What is the strength of tense predominance amongst respective tenses?

In [9]:
# display averages
print()

display(HTML('<span style="text-align:center"><h2>Predominance Averages</h2></span>'))
for tense, marker_list in markers_predominant_50.items():
    
    # get totals
    total_markers = len(marker_list)
    percents = [markers[marker]['tense_percents'][tense] for marker in marker_list]
    sum_percents = sum(percents)
    
    # get average
    average = sum_percents / total_markers
    
    show_average = f'<span style="font-size: 16pt">{tense} - {round(average, 1)}%</span>'

    display(HTML(show_average))
display(HTML('<hr>'))
print()







What's interesting about the numbers here is that they follow the order of the marker counts for each tense.
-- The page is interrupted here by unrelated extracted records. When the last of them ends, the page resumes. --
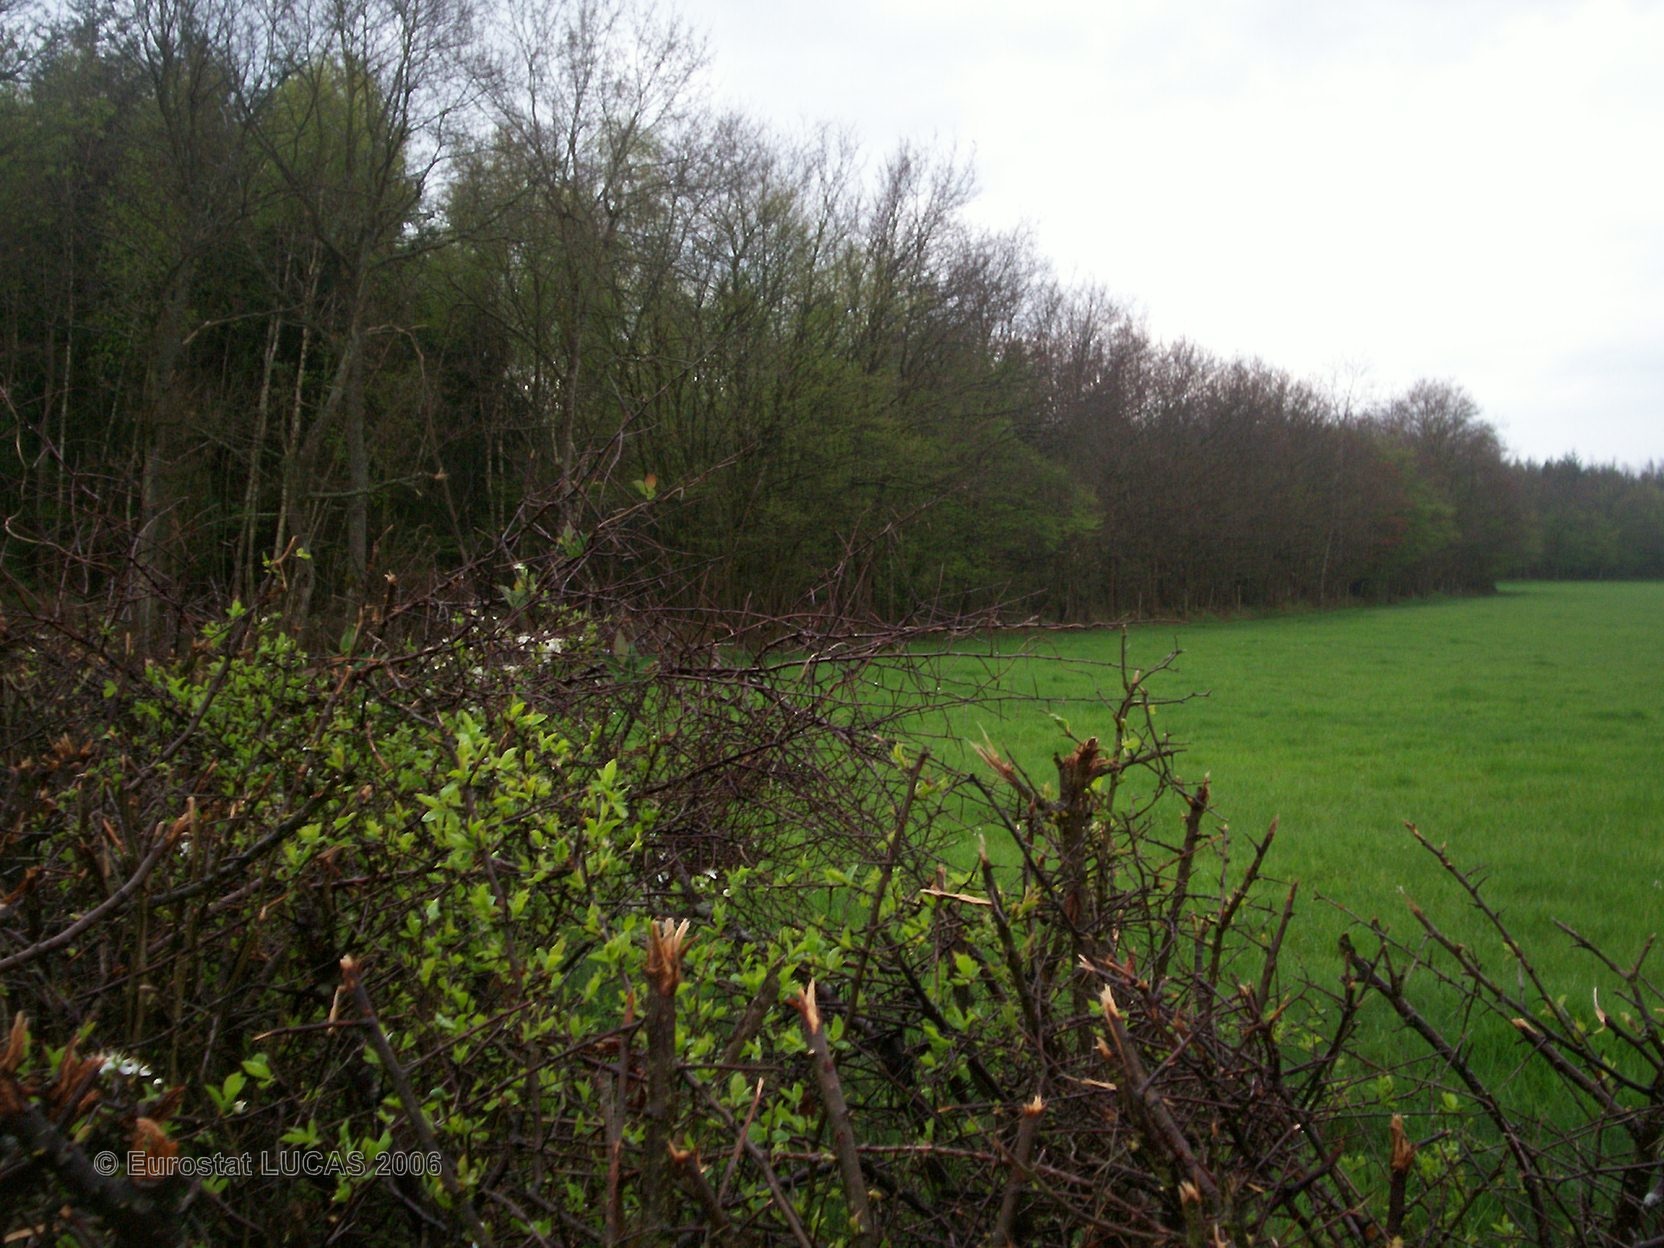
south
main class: Grassland
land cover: Grassland without tree/shrub cover
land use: Agriculture (excluding fallow land and kitchen gardens)
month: April
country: FR
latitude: 46.8291
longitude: 4.6128
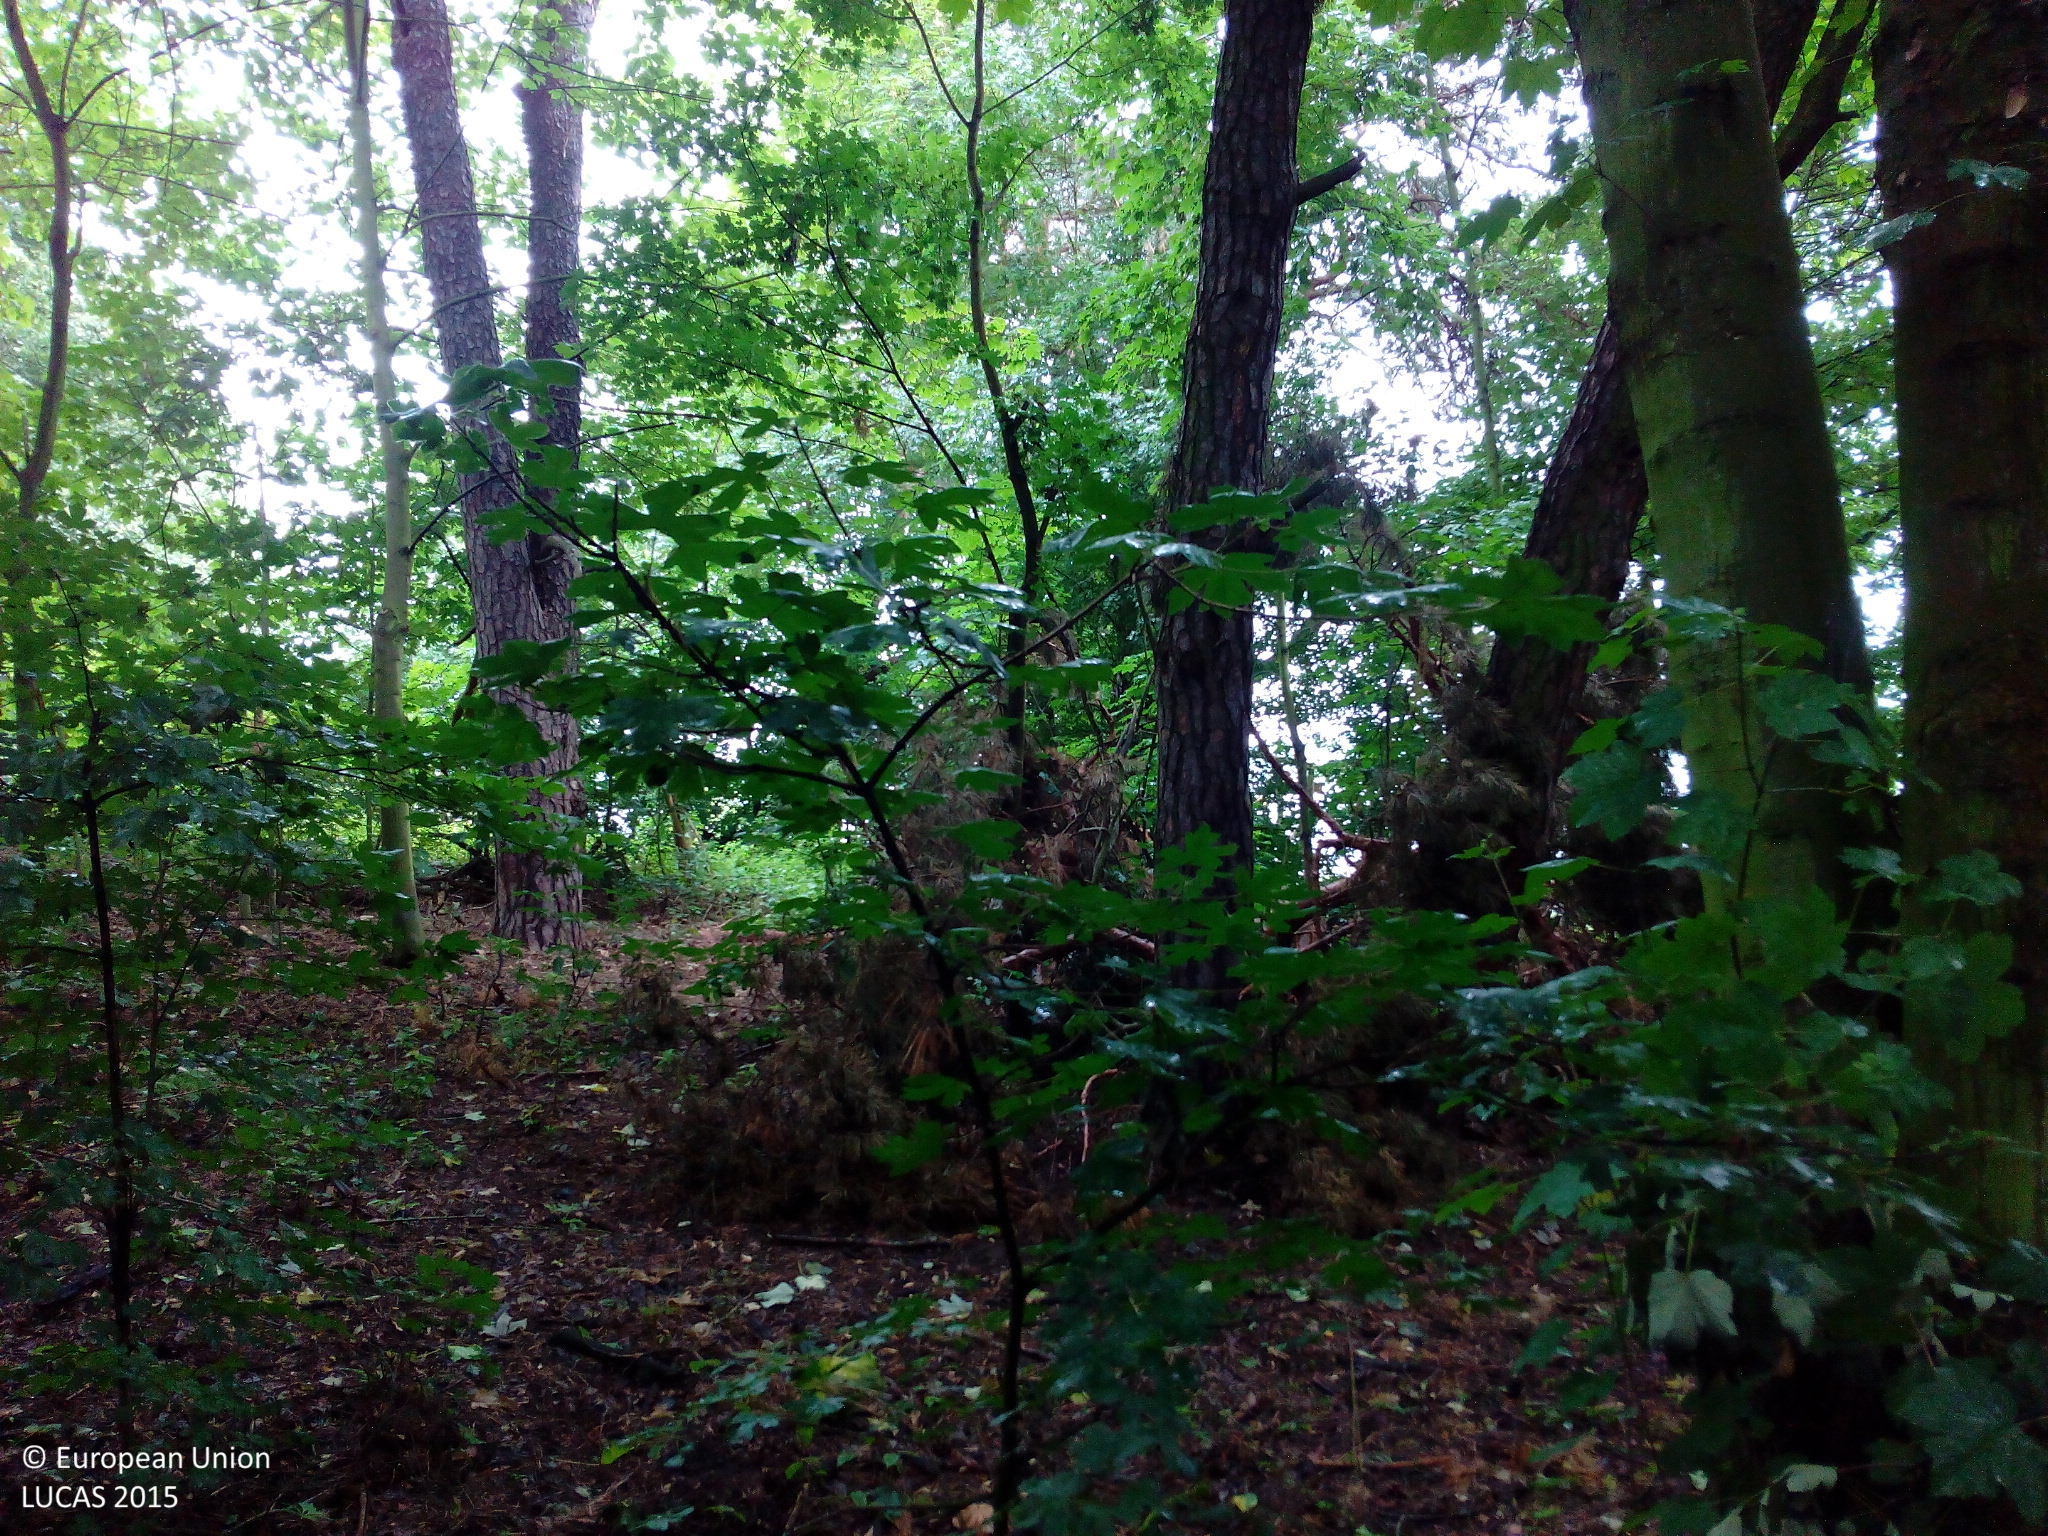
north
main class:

In other words, the counts for tense-predominant time markers are in the following order:

1. impf - 12
2. wayq - 8
3. perf - 4
4. weqt - 1

In this initial sampling, the yiqtol corresponds with more predominant time markers (12), the most strongly (average 70%), followed by the wayyiqtol (8 pred. time markers) and a likewise high average predominance (65%).

## Inquiry: Does the counts per tense merely reflect tense averages in the HB?

What, exactly, are the most common tenses in the HB? Might the discrepancies seen here simply arise due to differences in occurrence of the verb tenses?

In [10]:
total_HB_verbs = 0
HB_tense_counts = collections.Counter()

# count all verbs in HB
for word in F.otype.s('word'):
    
    # skip non-verbs
    if F.pdp.v(word) != 'verb':
        continue
    
    tense = 'weqtl' if is_weqt(word) else F.vt.v(word)
    total_HB_verbs += 1
    
    HB_tense_counts[tense] += 1
    
# present verbs/percentages
for tense, count in HB_tense_counts.most_common():
    
    print(f'{tense} - {count} ({round((count/total_HB_verbs)*100, 1)})')

impf - 16099 (23.3)
perf - 15217 (22.0)
wayq - 14974 (21.7)
infc - 6555 (9.5)
weqtl - 5909 (8.6)
ptca - 4985 (7.2)
impv - 4307 (6.2)
ptcp - 676 (1.0)
infa - 300 (0.4)


The top three tenses are actually fairly even in overall occurrence, and the fact that the qatal is more prevalent than the wayyiqtol means that the results above are even more relevant (since the wayyiqtol there has slightly more tense predominance than the qatal).